▶ **Assignment**
Although the records contain pictures, only their text should be set down, exactly as written.
━━━
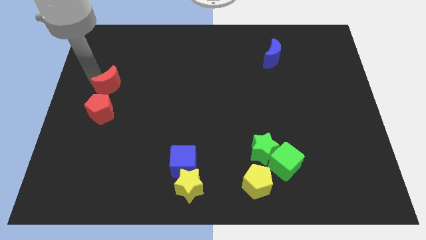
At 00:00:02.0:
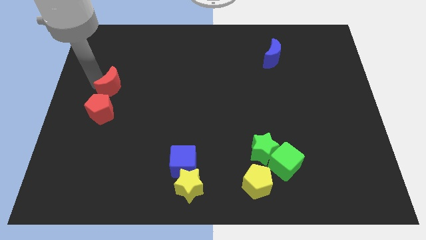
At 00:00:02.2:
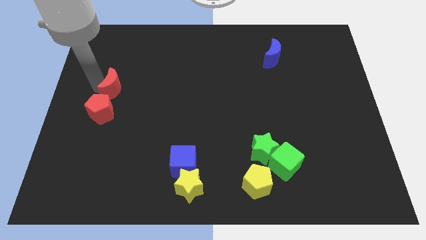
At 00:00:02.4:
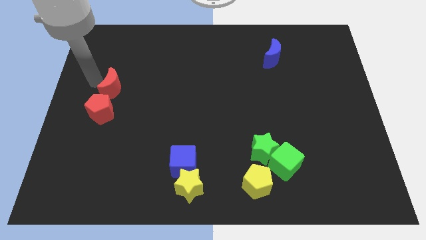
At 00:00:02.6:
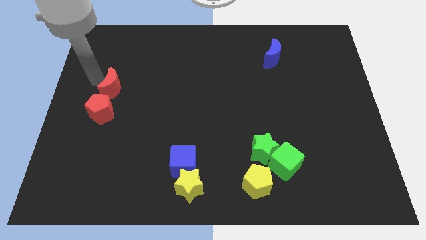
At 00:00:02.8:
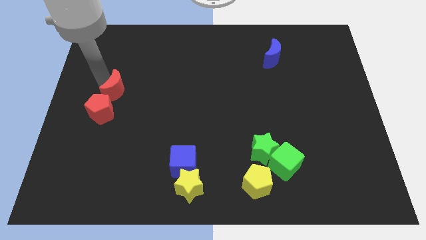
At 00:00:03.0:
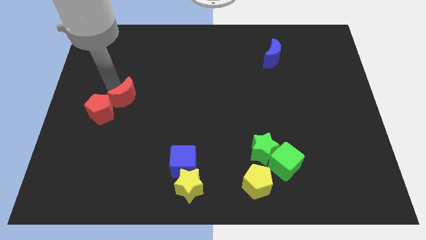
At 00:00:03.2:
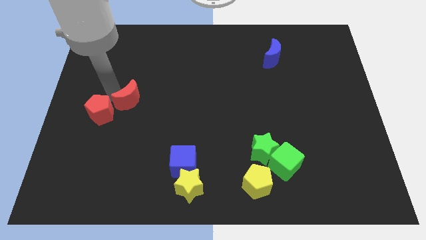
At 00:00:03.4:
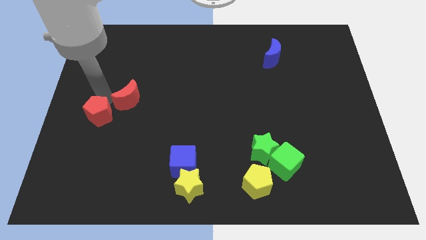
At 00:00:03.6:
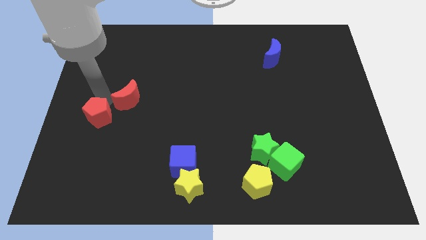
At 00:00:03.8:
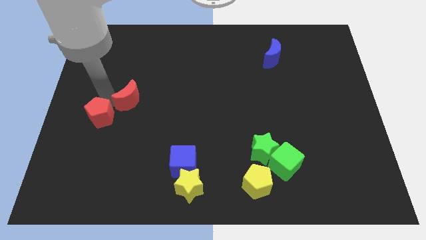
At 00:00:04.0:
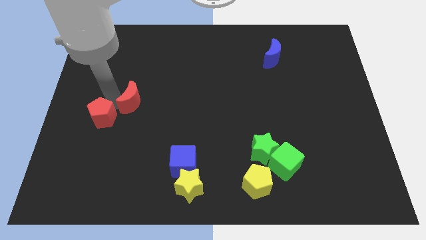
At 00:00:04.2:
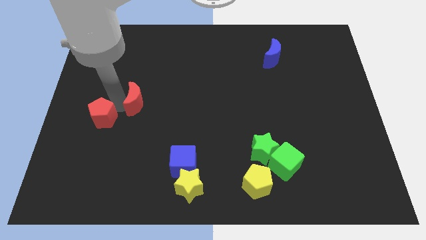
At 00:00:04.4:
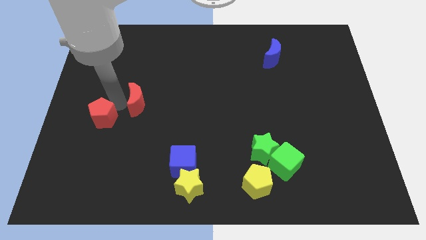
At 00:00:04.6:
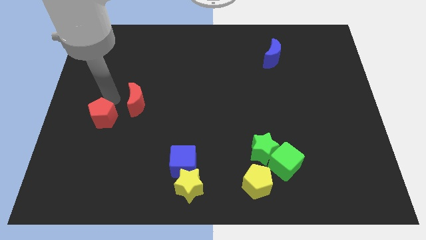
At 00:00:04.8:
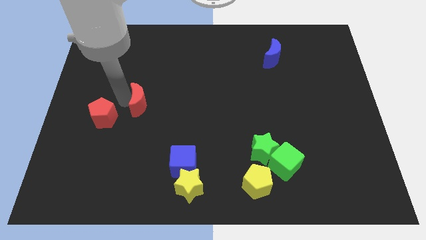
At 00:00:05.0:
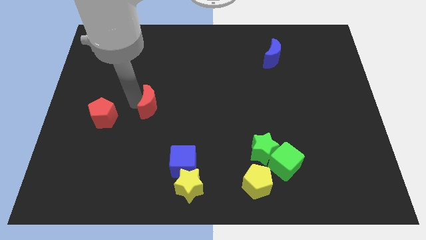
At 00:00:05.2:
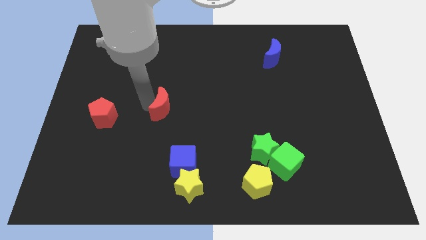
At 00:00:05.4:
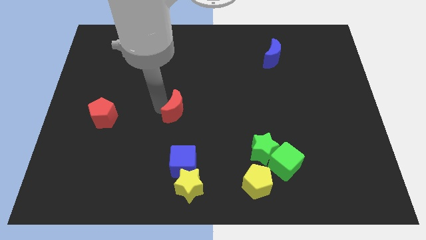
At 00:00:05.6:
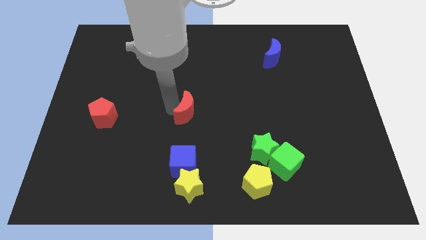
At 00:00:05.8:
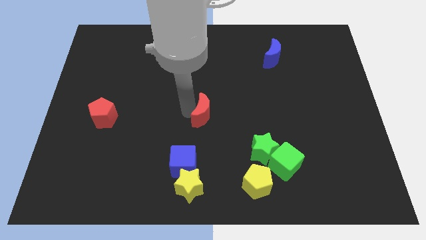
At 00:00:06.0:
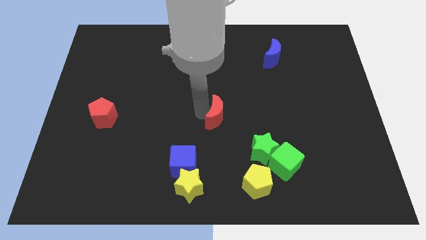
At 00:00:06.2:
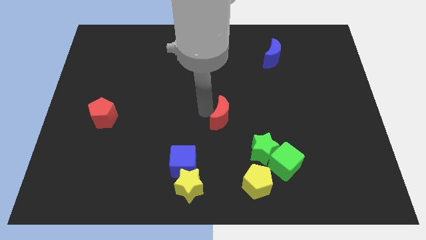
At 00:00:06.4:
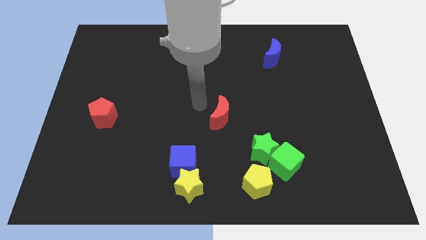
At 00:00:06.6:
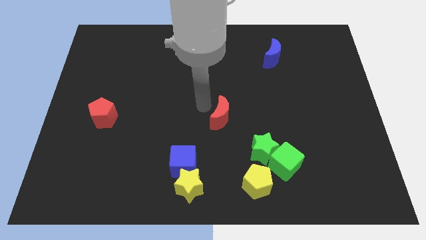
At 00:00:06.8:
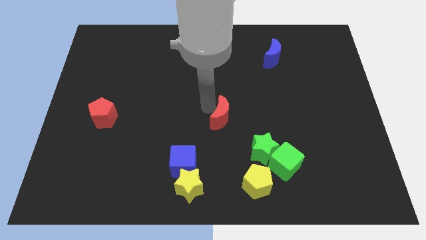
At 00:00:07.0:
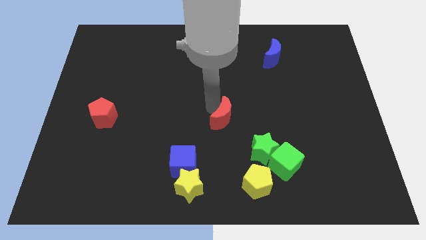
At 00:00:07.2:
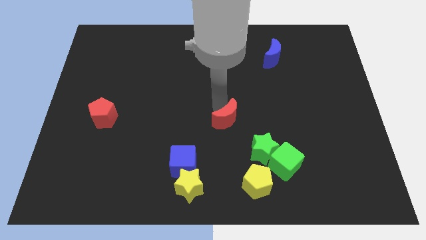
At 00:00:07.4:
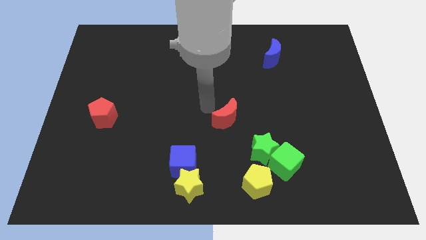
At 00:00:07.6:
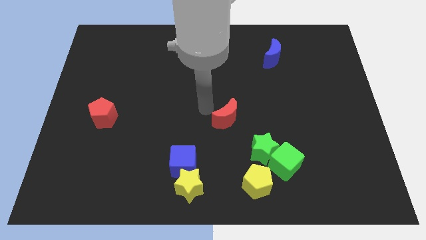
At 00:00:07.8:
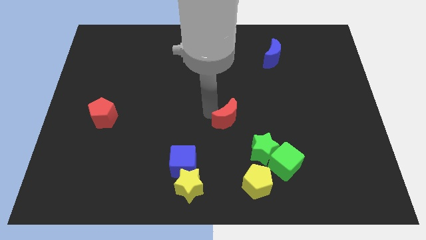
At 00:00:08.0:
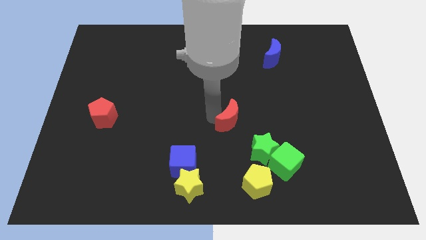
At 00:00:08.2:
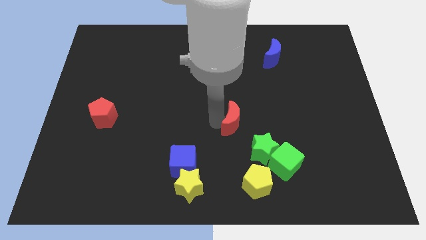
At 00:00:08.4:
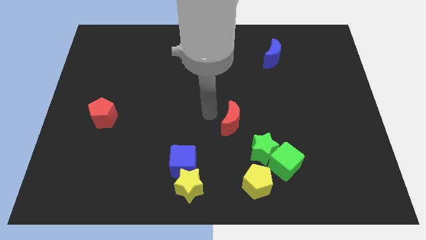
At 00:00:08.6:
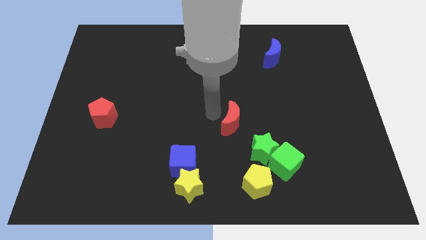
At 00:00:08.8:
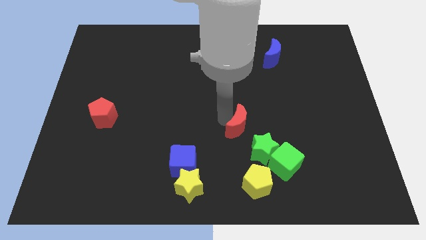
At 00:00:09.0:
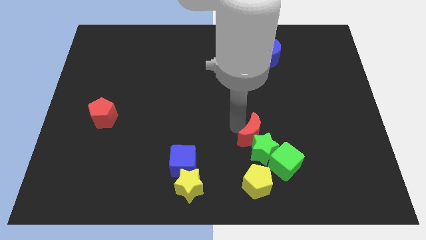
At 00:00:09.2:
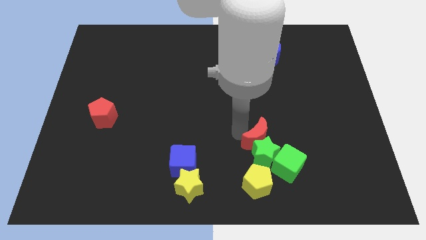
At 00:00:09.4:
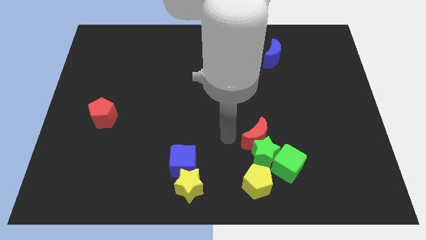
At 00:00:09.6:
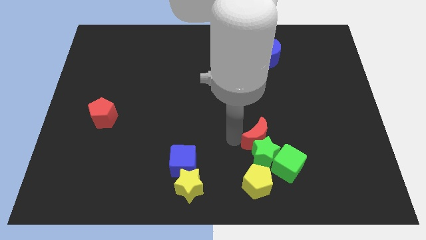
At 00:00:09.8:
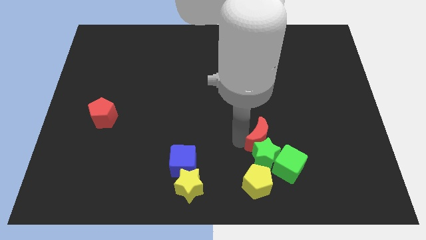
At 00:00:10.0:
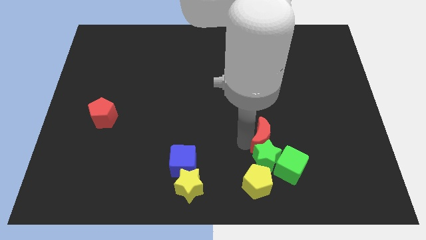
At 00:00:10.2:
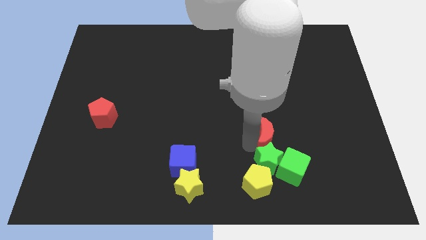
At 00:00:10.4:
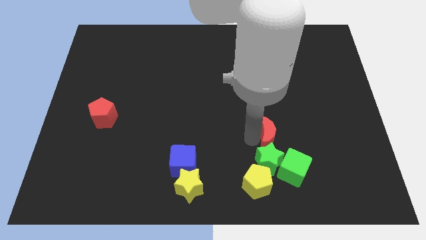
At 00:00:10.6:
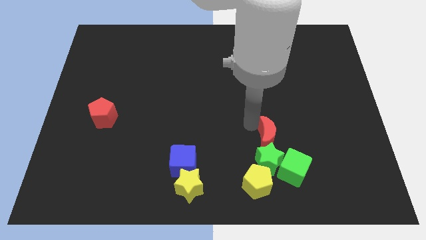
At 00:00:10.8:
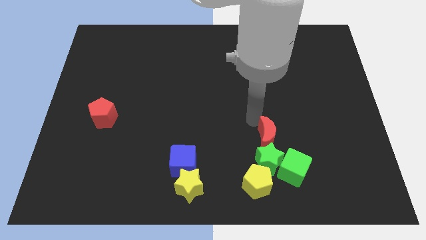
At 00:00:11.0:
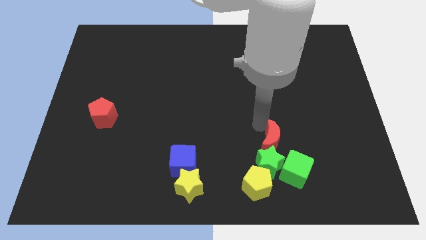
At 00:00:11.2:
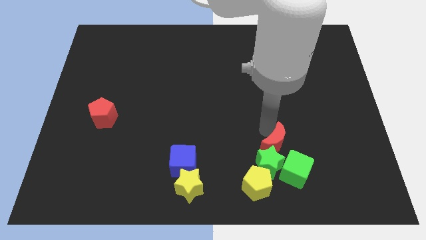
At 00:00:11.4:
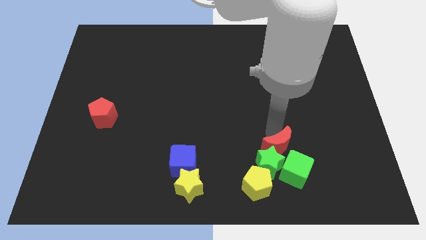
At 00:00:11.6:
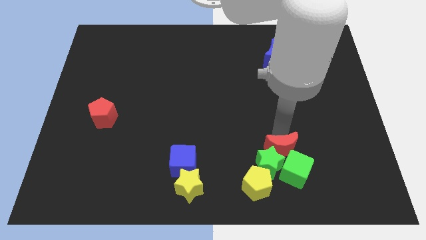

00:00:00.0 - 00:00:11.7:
━━━
▶ **Written response**
At 00:00:02.0:
At 00:00:02.2:
At 00:00:02.4:
At 00:00:02.6:
At 00:00:02.8:
At 00:00:03.0:
At 00:00:03.2:
At 00:00:03.4:
At 00:00:03.6:
At 00:00:03.8:
At 00:00:04.0:
At 00:00:04.2:
At 00:00:04.4:
At 00:00:04.6:
At 00:00:04.8:
At 00:00:05.0:
At 00:00:05.2:
At 00:00:05.4:
At 00:00:05.6:
At 00:00:05.8:
At 00:00:06.0:
At 00:00:06.2:
At 00:00:06.4:
At 00:00:06.6:
At 00:00:06.8:
At 00:00:07.0:
At 00:00:07.2:
At 00:00:07.4:
At 00:00:07.6:
At 00:00:07.8:
At 00:00:08.0:
At 00:00:08.2:
At 00:00:08.4:
At 00:00:08.6:
At 00:00:08.8:
At 00:00:09.0:
At 00:00:09.2:
At 00:00:09.4:
At 00:00:09.6:
At 00:00:09.8:
At 00:00:10.0:
At 00:00:10.2:
At 00:00:10.4:
At 00:00:10.6:
At 00:00:10.8:
At 00:00:11.0:
At 00:00:11.2:
At 00:00:11.4:
At 00:00:11.6:

00:00:00.0 - 00:00:11.7:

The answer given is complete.